→ **Task prompt**
Once you find the line with "#1366 = ORIENTED_EDGE" in the entries below, return exactly every line from it through the line with "#1817 = DIRECTION".

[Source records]
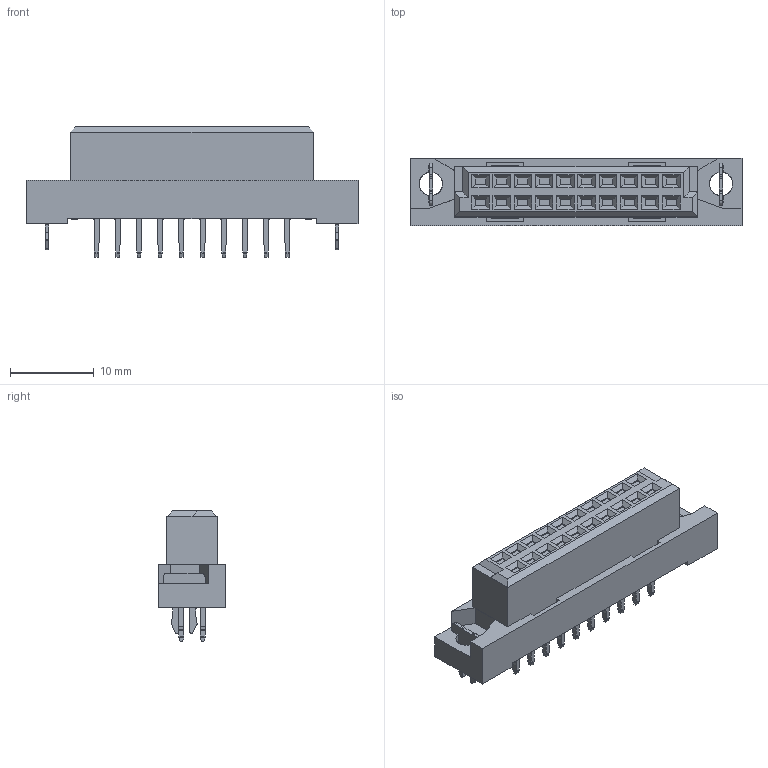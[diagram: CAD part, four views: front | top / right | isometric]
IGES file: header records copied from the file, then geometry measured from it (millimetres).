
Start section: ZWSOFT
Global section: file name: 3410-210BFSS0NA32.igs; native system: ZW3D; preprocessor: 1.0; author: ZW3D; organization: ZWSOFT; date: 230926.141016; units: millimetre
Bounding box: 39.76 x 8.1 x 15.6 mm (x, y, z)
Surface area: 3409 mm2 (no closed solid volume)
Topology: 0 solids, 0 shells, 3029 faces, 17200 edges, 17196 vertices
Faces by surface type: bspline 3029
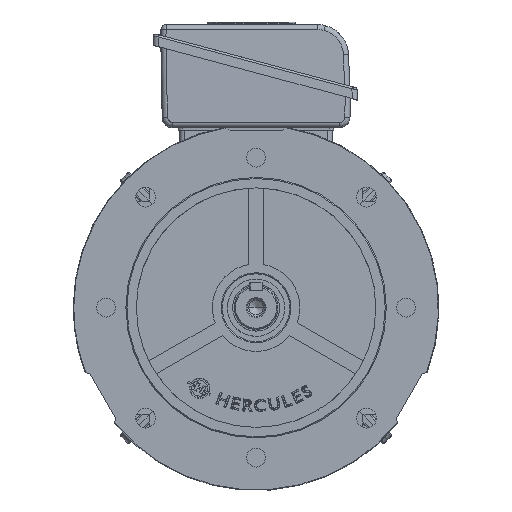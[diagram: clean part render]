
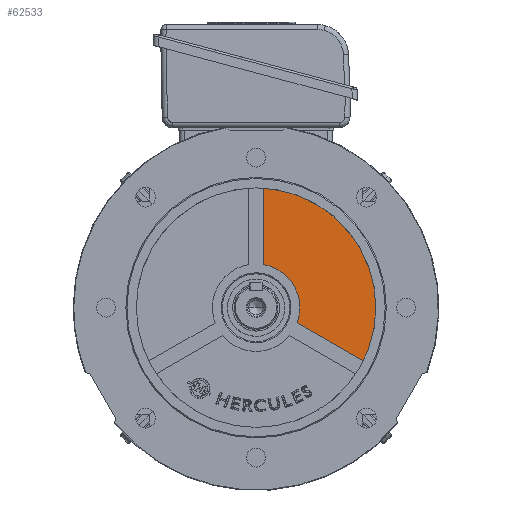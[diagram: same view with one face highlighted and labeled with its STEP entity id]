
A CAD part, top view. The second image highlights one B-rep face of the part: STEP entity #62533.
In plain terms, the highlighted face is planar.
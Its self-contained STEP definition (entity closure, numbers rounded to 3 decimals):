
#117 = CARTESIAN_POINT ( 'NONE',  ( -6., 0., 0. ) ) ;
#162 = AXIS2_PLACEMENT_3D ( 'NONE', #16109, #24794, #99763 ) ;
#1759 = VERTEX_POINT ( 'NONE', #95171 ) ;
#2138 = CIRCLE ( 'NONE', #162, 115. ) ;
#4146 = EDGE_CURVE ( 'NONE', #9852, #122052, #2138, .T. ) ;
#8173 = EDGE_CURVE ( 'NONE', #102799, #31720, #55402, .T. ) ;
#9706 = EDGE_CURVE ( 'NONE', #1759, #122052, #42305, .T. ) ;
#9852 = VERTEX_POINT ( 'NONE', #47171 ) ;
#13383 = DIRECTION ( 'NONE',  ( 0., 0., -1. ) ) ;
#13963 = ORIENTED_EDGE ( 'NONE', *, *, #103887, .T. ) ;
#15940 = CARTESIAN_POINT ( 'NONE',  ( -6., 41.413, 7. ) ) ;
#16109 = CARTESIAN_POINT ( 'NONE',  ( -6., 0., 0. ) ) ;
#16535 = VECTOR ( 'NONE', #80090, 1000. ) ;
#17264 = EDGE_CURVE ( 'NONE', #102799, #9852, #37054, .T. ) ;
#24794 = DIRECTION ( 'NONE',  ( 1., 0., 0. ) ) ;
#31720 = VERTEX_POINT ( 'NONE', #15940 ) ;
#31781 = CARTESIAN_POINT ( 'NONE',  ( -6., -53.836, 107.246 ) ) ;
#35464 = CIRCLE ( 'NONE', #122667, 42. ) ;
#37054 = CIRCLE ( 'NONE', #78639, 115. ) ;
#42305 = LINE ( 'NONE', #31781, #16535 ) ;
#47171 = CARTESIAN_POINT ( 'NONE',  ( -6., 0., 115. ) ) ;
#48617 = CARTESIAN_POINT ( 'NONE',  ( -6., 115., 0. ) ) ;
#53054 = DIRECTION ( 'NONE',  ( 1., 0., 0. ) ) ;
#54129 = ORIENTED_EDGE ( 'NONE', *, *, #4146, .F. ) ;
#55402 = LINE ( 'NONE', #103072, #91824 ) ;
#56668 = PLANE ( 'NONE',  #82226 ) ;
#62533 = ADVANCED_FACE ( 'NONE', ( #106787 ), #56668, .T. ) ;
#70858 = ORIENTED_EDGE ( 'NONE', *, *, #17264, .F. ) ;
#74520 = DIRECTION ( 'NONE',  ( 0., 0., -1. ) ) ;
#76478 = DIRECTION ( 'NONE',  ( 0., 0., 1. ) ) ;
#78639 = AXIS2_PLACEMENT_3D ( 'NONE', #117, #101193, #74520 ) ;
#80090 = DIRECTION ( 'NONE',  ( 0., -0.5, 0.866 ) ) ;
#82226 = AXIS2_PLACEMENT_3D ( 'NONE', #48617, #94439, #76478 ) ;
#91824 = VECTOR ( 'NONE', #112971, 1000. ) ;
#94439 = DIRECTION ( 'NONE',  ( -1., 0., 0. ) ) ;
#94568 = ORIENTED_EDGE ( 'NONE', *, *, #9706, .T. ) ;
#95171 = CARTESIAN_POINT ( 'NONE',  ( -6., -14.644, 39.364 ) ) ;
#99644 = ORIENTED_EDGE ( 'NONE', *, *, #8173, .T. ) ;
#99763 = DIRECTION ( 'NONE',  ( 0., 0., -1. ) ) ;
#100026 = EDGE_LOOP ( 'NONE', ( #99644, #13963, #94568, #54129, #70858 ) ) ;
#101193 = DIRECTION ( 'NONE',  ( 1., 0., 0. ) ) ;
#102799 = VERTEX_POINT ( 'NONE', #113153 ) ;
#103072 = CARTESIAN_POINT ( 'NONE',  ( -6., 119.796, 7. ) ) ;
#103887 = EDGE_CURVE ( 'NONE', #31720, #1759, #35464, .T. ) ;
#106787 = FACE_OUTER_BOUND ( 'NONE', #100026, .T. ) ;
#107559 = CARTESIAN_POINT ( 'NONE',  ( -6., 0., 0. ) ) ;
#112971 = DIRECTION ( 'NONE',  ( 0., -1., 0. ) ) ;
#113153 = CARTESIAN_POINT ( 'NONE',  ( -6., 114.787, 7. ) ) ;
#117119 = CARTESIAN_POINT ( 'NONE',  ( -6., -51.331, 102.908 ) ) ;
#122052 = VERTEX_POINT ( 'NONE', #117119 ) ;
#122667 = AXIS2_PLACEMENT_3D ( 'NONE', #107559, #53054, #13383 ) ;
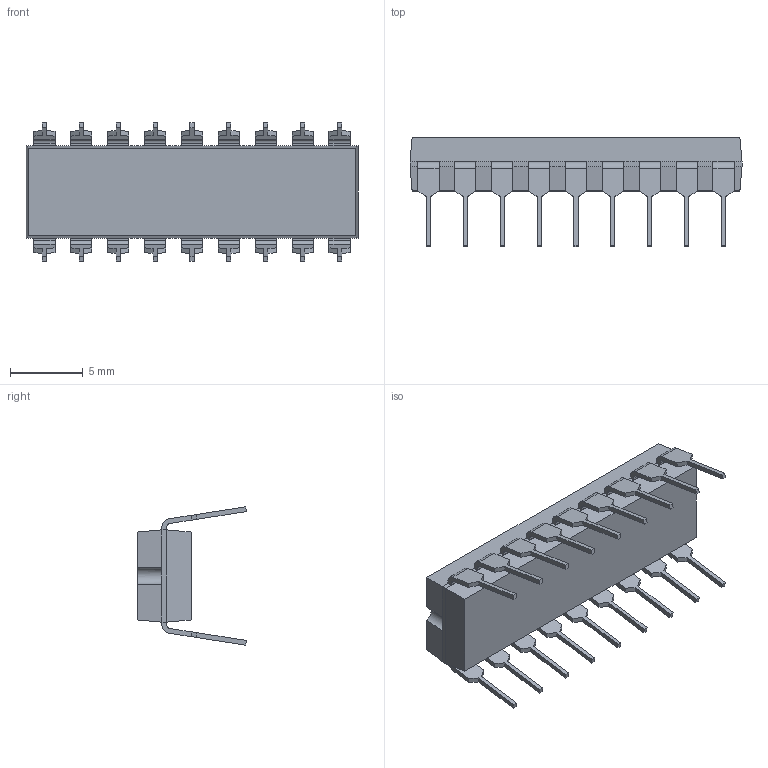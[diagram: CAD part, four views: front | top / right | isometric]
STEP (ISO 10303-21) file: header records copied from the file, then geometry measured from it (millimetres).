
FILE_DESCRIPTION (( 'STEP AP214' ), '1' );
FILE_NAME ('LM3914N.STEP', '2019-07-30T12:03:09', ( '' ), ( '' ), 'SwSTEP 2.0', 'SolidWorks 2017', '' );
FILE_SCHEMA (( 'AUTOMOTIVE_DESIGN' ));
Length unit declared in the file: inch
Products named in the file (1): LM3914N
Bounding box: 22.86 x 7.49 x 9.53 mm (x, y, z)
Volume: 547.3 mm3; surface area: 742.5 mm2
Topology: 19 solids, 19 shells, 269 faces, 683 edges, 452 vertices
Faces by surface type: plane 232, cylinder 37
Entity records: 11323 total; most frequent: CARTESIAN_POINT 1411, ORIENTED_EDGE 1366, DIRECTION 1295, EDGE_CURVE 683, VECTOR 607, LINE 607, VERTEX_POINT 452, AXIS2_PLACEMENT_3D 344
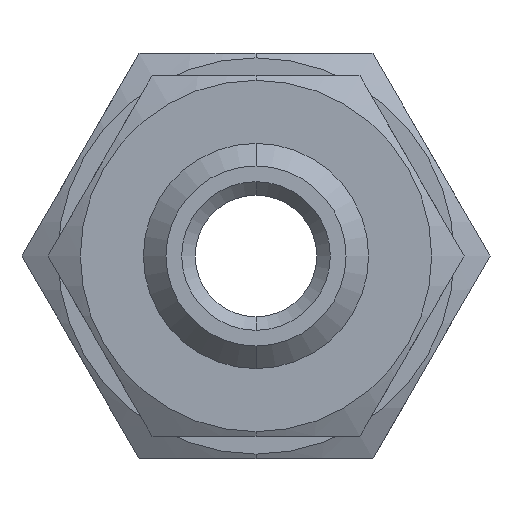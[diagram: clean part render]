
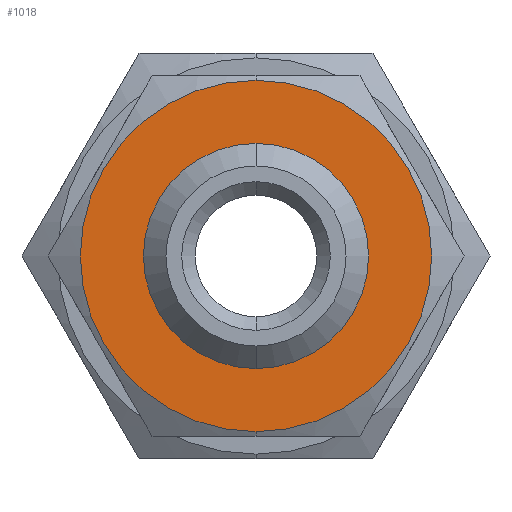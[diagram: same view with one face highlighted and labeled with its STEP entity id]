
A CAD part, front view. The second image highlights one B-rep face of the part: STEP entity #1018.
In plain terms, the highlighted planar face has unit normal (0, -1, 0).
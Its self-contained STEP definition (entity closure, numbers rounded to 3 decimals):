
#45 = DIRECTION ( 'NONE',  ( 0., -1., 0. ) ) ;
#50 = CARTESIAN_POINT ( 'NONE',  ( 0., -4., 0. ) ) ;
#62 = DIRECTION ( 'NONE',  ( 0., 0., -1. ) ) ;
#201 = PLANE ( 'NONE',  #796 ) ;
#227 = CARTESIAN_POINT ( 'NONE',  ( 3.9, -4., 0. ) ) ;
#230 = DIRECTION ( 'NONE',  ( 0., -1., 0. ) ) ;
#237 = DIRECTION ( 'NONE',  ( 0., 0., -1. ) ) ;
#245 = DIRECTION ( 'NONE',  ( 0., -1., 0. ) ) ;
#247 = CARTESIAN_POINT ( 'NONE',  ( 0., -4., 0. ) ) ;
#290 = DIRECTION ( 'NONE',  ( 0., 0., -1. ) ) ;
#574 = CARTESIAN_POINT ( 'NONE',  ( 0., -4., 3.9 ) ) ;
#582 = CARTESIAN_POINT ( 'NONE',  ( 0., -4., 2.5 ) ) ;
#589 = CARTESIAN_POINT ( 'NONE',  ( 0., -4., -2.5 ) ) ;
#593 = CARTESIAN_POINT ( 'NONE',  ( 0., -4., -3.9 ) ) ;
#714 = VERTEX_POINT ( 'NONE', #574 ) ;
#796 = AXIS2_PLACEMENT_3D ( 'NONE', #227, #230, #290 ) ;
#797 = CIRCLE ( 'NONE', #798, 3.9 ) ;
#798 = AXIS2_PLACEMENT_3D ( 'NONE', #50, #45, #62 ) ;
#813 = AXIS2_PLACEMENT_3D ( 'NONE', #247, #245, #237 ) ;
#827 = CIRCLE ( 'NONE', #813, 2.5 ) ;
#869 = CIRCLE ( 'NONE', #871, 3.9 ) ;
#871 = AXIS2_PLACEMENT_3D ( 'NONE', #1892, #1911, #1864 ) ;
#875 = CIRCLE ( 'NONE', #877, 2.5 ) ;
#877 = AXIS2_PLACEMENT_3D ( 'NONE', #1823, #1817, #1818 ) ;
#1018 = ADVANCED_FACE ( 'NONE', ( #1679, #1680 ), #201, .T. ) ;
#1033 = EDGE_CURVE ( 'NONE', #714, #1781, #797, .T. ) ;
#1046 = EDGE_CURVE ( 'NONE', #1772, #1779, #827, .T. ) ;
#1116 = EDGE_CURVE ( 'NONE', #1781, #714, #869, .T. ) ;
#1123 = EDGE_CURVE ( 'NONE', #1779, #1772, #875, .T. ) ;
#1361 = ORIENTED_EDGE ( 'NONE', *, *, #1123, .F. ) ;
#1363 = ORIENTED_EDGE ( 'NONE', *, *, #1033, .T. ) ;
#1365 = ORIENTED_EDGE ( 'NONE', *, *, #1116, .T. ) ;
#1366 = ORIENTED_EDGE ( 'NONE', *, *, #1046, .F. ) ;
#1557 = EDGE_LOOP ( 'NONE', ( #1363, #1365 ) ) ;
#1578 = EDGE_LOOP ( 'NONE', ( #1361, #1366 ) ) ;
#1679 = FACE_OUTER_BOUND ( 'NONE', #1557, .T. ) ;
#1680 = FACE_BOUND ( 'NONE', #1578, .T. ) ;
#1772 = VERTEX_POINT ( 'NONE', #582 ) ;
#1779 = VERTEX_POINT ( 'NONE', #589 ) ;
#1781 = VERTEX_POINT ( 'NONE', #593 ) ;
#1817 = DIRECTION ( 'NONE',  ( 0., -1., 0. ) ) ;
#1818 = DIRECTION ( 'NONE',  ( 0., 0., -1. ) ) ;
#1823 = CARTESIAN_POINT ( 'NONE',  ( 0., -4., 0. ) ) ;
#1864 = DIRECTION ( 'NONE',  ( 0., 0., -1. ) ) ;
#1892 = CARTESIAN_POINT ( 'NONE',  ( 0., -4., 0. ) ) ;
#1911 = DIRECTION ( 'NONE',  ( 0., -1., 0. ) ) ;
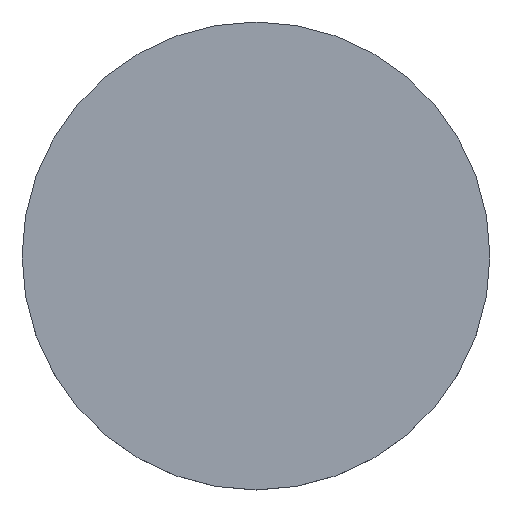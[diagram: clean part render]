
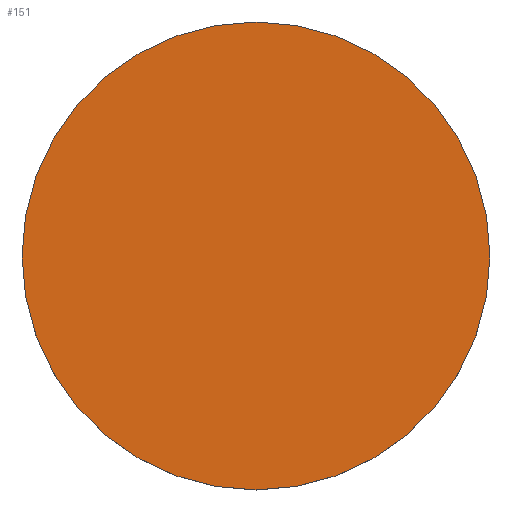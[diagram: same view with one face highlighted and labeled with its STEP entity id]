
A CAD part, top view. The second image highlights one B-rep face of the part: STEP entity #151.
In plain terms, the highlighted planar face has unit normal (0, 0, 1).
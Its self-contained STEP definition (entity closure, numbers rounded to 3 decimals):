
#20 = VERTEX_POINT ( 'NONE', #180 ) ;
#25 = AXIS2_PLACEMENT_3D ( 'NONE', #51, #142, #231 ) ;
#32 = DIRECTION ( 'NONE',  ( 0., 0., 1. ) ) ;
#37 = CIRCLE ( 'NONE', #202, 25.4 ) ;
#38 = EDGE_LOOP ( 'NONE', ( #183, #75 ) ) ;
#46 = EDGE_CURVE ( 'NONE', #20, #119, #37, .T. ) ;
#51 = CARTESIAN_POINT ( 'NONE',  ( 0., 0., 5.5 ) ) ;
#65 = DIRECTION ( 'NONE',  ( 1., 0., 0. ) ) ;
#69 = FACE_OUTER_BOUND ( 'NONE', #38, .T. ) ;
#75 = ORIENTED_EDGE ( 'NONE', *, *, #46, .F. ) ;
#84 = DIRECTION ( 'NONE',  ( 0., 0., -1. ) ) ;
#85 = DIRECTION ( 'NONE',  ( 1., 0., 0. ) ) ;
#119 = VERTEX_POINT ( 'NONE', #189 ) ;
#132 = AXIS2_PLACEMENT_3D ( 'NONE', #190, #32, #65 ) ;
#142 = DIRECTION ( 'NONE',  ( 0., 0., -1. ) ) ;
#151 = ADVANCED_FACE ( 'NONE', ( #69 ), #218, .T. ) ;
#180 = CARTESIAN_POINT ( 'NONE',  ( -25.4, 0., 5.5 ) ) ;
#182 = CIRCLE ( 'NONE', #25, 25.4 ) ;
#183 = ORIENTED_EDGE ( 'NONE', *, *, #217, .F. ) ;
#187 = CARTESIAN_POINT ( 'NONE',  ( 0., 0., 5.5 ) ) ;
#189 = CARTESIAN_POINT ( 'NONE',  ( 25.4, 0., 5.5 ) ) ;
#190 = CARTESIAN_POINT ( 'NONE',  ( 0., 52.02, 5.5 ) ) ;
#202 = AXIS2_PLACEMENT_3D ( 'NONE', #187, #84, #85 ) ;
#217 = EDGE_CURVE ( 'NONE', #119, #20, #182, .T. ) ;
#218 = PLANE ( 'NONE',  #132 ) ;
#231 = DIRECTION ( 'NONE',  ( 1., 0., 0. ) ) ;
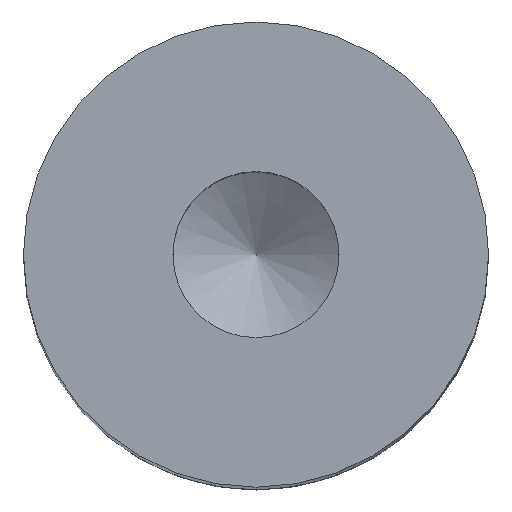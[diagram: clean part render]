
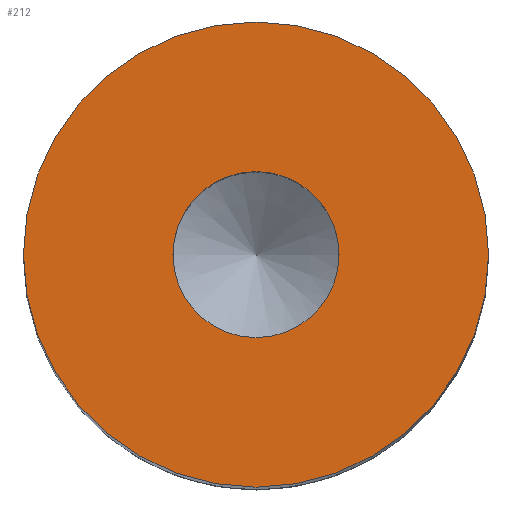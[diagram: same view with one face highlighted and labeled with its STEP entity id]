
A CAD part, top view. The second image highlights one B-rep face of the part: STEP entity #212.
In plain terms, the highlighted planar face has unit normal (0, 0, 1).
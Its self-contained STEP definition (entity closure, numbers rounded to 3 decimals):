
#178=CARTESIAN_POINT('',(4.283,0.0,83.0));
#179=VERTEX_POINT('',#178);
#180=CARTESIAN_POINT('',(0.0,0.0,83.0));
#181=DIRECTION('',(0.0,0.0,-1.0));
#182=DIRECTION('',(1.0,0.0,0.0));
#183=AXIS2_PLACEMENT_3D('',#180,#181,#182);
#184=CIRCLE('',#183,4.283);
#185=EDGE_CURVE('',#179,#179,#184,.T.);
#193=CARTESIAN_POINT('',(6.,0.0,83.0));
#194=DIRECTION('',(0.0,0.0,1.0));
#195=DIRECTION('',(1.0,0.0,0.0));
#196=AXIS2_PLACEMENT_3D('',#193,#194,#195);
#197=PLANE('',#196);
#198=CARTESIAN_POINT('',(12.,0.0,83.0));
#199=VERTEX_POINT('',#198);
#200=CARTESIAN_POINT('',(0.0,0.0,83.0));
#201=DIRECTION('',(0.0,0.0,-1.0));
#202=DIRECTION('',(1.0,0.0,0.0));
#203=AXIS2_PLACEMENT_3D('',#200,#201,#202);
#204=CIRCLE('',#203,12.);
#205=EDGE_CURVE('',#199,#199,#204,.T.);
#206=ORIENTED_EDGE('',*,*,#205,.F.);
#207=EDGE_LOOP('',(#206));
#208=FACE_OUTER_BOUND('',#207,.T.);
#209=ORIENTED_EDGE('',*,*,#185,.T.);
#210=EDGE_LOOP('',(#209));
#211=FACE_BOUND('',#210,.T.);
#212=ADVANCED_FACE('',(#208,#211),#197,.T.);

→ **Solution to this task**
#1366 = ORIENTED_EDGE ( 'NONE', *, *, #1046, .F. ) ;
#1557 = EDGE_LOOP ( 'NONE', ( #1363, #1365 ) ) ;
#1578 = EDGE_LOOP ( 'NONE', ( #1361, #1366 ) ) ;
#1679 = FACE_OUTER_BOUND ( 'NONE', #1557, .T. ) ;
#1680 = FACE_BOUND ( 'NONE', #1578, .T. ) ;
#1772 = VERTEX_POINT ( 'NONE', #582 ) ;
#1779 = VERTEX_POINT ( 'NONE', #589 ) ;
#1781 = VERTEX_POINT ( 'NONE', #593 ) ;
#1817 = DIRECTION ( 'NONE',  ( 0., -1., 0. ) ) ;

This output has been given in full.